I thought seriously about suggesting to David that perhaps they were moving a little too fast. I went as far as to plan what I’d say, and how I’d bring the subject up. I’d ask him as nonchalantly as I could if he didn’t think things were Olivia were getting just a little bit intense. I could point out that they didn’t really have all that much in common. I could even try an offhand comment about how her sister Louisa was actually the more classically beautiful of the two, and had he met her? All I needed was a little doubt in his mind… a little wedge between them. Then I could expand it later.

During that entire summer, almost every day I thought about trying to find a way to break David’s focus on Olivia, but I never once went through with it – and the only thing that stopped me was that I knew I’d fail. I knew instinctively that an attempt to introduce some distance between them would only damage my own relationship with David. The intensity in his gaze when he looked at her was a force I’d not reckoned with before, and I came to the conclusion that all I could do was wait and hope that this honeymoon period between them faded by itself in time. I kept telling myself that this thing with Olivia would pass, and David would move on to someone more suitable. Someone who didn’t monopolise his time or energy. Someone who wasn’t so needy for it. Someone worthy of him.

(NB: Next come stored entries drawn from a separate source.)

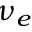
\nu _ { e }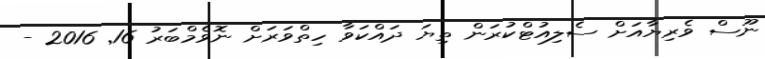
ނޫސް ވެރިޔާއަށް ސެލިއުޓްކުރަން ތިޔަ ދައްކަވާ ހިތްވަރަށް ނޮވެމްބަރު 16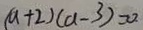
( a + 2 ) ( a - 3 ) = 0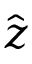
\hat { \boldsymbol { z } }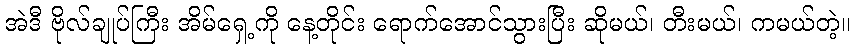
အဲဒီ ဗိုလ်ချုပ်ကြီး အိမ်ရှေ့ကို နေ့တိုင်း ရောက်အောင်သွားပြီး ဆိုမယ်၊ တီးမယ်၊ ကမယ်တဲ့။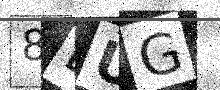
Text: 8LUG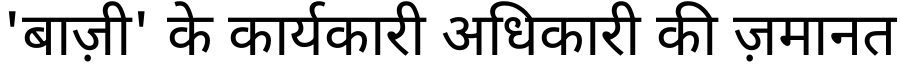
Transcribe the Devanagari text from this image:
'बाज़ी' के कार्यकारी अधिकारी की ज़मानत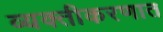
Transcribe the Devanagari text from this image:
व्यक्तीकरणात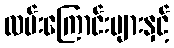
လမ်းကြောင်းများနှင့်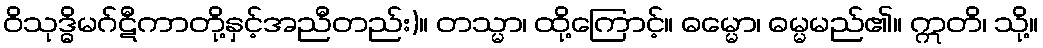
ဝိသုဒ္ဓိမဂ်ဋီကာတို့နှင့်အညီတည်း)။ တသ္မာ၊ ထို့ကြောင့်။ ဓမ္မော၊ ဓမ္မမည်၏။ ဣတိ၊ သို့။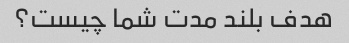
هدف بلند مدت شما چیست؟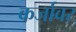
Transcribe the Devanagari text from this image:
कर्जावर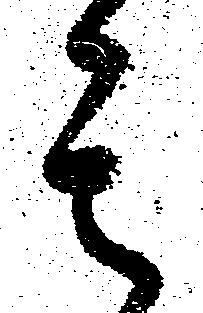
其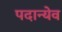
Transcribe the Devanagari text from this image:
पदान्येव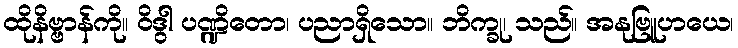
ထိုနိဗ္ဗာန်ကို။ ဝိဒွါ ပဏ္ဍိတော၊ ပညာရှိသော။ ဘိက္ခု၊ သည်။ အနုဗြူဟယေ၊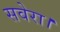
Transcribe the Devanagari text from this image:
सवेरा।

On Christmas morning, Olivia came round as soon as she’d finished opening gifts with her family. David presented her with a parcel, a small box, not small enough to contain an engagement ring – and I was so relieved about that I felt a little giddy with it.

When Olivia opened her gift, there was simply a little piece of paper folded up inside.

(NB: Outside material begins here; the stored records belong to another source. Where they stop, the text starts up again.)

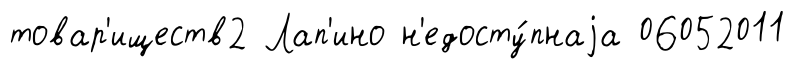
товар'иществ2 Лап'ино н'едосту́пнаjа 06052011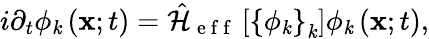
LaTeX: i\partial_{t}\phi_{\mathit{k}}\left({\mathbf{x}};t\right)=\hat{{\mathcal{{H}}}}_{\mathrm{{~e~f~f~}}}\left[\left\{ \phi_{\mathit{k}}\right\} _{\mathit{k}}\right]\phi_{\mathit{k}}\left({\mathbf{x}};t\right),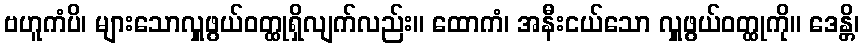
ဗဟူကံပိ၊ များသောလှူဖွယ်ဝတ္ထုရှိလျက်လည်း။ ထောကံ၊ အနီးငယ်သော လှူဖွယ်ဝတ္ထုကို။ ဒေန္တိ၊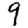
Digit: 9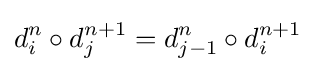
d_{i}^{n}\circ d_{j}^{n+1}=d_{j-1}^{n}\circ d_{i}^{n+1}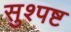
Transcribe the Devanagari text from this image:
सुश्पष्ट

‘What is it?’ I asked, peering over to see.

Olivia had tears of happiness in her eyes. She threw her arms around David’s neck and hugged him, and then she finally showed me the piece of paper.

‘We’re going to go do some behind–the-scenes animal feeds at the zoo,’ she said, and her brown eyes were sparkling with joy and delight.

She seemed overtly excited about this gift, in the way that a person can only be excited when a gesture truly speaks to something that they desperately wanted to do. I looked at David, and he was so pleased with himself – I could see that her happiness made him happy. There was no doubt at all in my mind then that David loved Olivia. And when I saw the way that Olivia looked at David, I really started to wonder. If this relationship didn’t fade, would she do everything within her power to make my son happy? She was at university too, and clearly very focused on her vet studies: would that career come before David in the future? Or if they did stay together long enough to build a shared life, would she do as a good wife should, and lay her own needs down in order to support my son?

I wondered if Olivia knew the unspoken promise she made David when she looked at him with love shining in her eyes like that. I wondered if this clever, quiet girl realised the sacrifices that becoming a good wife and mother would require of her. I wondered if she understood that to commit fully to a man meant a life that sometimes felt hollow, because her purpose one day would be to build and sustain her family. I knew girls of Olivia and David’s generation liked to kid themselves about careers and independence and feminism – but equally, I’d seen enough women try ‘to have it all’ to be quite certain that motherhood inevitably commanded a determined selflessness. That was just the way of the world.

And it was all ahead of her; ahead of them, if they decided to walk the path of life together.

I was still hopeful it was just one of those romances young adults tumble in and out of when they’re trying to figure the world out. But over time, Olivia became an awkward addition to the fabric of our family.